- Born: Tijuana, Mexico
- Citizenship: Mexican
- Occupation: Security consultant
- Employer: Baja state police
- Known for: Speaking on Mexican cartels
- Children: 1 (daughter)
- Mother: Elvia
- Relatives: Erick (brother)
- Website: www.edsmanifesto.com

= Ed Calderon =

Former Mexican law enforcement officer and speaker on cartels

Ed Calderon is a former law enforcement officer and is now a security consultant and combat instructor born in Tijuana, Mexico, working in America. He has been a guest on podcasts such as The Joe Rogan Experience and Lex Fridman Podcast.

== Early life ==
Elvia, his mother, was employed as a nurse, which initially influenced Ed to pursue a career in general medicine. He later joined the Baja State Police, where he served in the areas of counter-narcotics, organized crime investigation, and public safety in the northern border region of Mexico.
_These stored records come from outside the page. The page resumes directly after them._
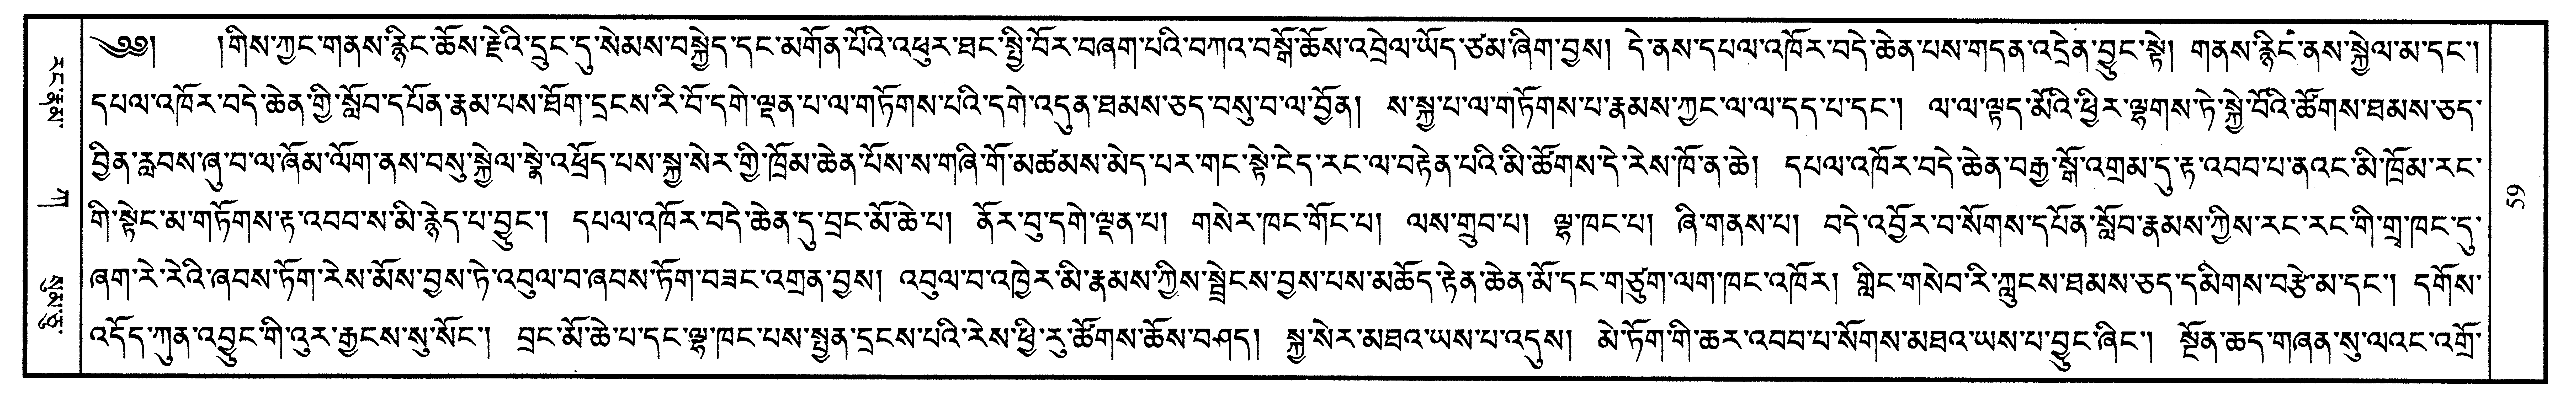༄༅། །གིས་ཀྱང་གནས་རྙིང་ཆོས་རྗེའི་དྲུང་དུ་སེམས་བསྐྱེད་དང་མགོན་པོའི་འཕུར་ཐང་སྤྱི་བོར་བཞག་པའི་བཀའ་བསྒོ་ཆོས་འབྲེལ་ཡོད་ཙམ་ཞིག་བྱས། དེ་ནས་དཔལ་འཁོར་བདེ་ཆེན་པས་གདན་འདྲེན་བྱུང་སྟེ། གནས་རྙིང་ནས་སྐྱེལ་མ་དང་།
དཔལ་འཁོར་བདེ་ཆེན་གྱི་སློབ་དཔོན་རྣམ་པས་ཐོག་དྲངས་རི་བོ་དགེ་ལྡན་པ་ལ་གཏོགས་པའི་དགེ་འདུན་ཐམས་ཅད་བསུ་བ་ལ་བྱོན། ས་སྐྱ་པ་ལ་གཏོགས་པ་རྣམས་ཀྱང་ལ་ལ་དད་པ་དང་། ལ་ལ་ལྟད་མོའི་ཕྱིར་ལྷགས་ཏེ་སྐྱེ་བོའི་ཚོགས་ཐམས་ཅད་
བྱིན་རླབས་ཞུ་བ་ལ་ཞོམ་ལོག་ནས་བསུ་སྐྱེལ་སྣེ་འཕྲོད་པས་སྐྱ་སེར་གྱི་ཁྲོམ་ཆེན་པོས་ས་གཞི་གོ་མཚམས་མེད་པར་གང་སྟེ་ངེད་རང་ལ་བརྟེན་པའི་མི་ཚོགས་དེ་རེས་ཁོ་ན་ཆེ། དཔལ་འཁོར་བདེ་ཆེན་བརྒྱ་སྒོ་འགྲམ་དུ་རྟ་འབབ་པ་ནའང་མི་ཁྲོམ་རང་
གི་སྟེང་མ་གཏོགས་རྟ་འབབ་ས་མི་རྙེད་པ་བྱུང་། དཔལ་འཁོར་བདེ་ཆེན་དུ་བྲང་མོ་ཆེ་པ། ནོར་བུ་དགེ་ལྡན་པ། གསེར་ཁང་གོང་པ། ལས་གྲུབ་པ། ལྷ་ཁང་པ། ཞི་གནས་པ། བདེ་འབྱོར་བ་སོགས་དཔོན་སློབ་རྣམས་ཀྱིས་རང་རང་གི་གྲྭ་ཁང་དུ་
ཞག་རེ་རེའི་ཞབས་ཏོག་རེས་མོས་བྱས་ཏེ་འབུལ་བ་ཞབས་ཏོག་བཟང་འགྲན་བྱས། འབུལ་བ་འཁྱེར་མི་རྣམས་ཀྱིས་སྦྲེངས་བྱས་པས་མཆོད་རྟེན་ཆེན་མོ་དང་གཙུག་ལག་ཁང་འཁོར། གླིང་གསེབ་རི་ཀླུངས་ཐམས་ཅད་དམིགས་བརྩེ་མ་དང་། དགོས་
འདོད་ཀུན་འབྱུང་གི་འུར་རྒྱངས་སུ་སོང་། བྲང་མོ་ཆེ་པ་དང་ལྷ་ཁང་པས་སྤྱན་དྲངས་པའི་རེས་ཕྱི་རུ་ཚོགས་ཆོས་བཤད། སྐྱ་སེར་མཐའ་ཡས་པ་འདུས། མེ་ཏོག་གི་ཆར་འབབ་པ་སོགས་མཐའ་ཡས་པ་བྱུང་ཞིང་། སྔོན་ཆད་གཞན་སུ་ལའང་འགྲོ་

His recruitment was the result of a newspaper advertisement seeking unmarried men without children for a newly established special police force.

== Media appearances ==

=== The Joe Rogan Experience ===

- #1302
- #1408
- #2369

=== Lex Fridman Podcast ===

- Episode 346

== Personal life ==
He is a single dad to a daughter. He lives in Houston, Texas.